▶ **Work task**
Copy out each line of the data holding "monospaced".

▶ **Given records**
+++++
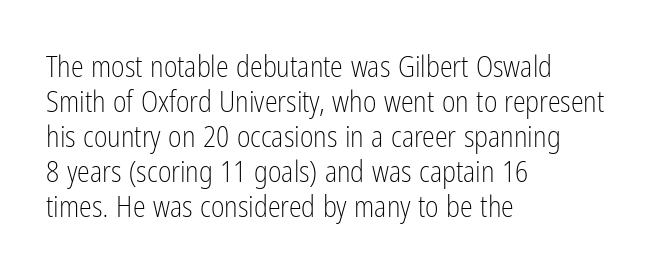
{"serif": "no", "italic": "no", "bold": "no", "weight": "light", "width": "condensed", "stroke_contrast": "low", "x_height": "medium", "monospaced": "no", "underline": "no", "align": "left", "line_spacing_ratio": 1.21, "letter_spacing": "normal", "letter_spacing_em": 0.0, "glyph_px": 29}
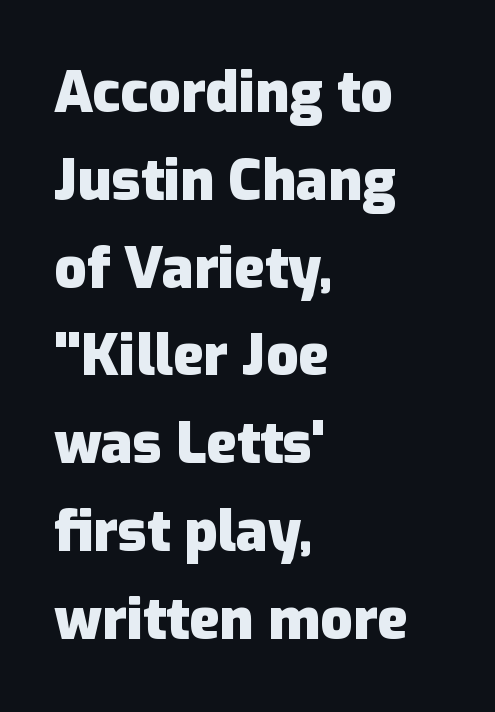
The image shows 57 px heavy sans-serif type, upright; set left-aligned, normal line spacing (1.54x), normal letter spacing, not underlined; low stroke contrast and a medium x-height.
+++++
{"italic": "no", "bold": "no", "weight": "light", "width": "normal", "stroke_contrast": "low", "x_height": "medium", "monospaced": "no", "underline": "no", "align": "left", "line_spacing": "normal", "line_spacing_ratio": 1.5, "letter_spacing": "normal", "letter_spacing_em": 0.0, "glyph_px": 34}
+++++
▶ **Exercise answer**
{"serif": "no", "italic": "no", "bold": "no", "weight": "light", "width": "condensed", "stroke_contrast": "low", "x_height": "medium", "monospaced": "no", "underline": "no", "align": "left", "line_spacing_ratio": 1.21, "letter_spacing": "normal", "letter_spacing_em": 0.0, "glyph_px": 29}
{"italic": "no", "bold": "no", "weight": "light", "width": "normal", "stroke_contrast": "low", "x_height": "medium", "monospaced": "no", "underline": "no", "align": "left", "line_spacing": "normal", "line_spacing_ratio": 1.5, "letter_spacing": "normal", "letter_spacing_em": 0.0, "glyph_px": 34}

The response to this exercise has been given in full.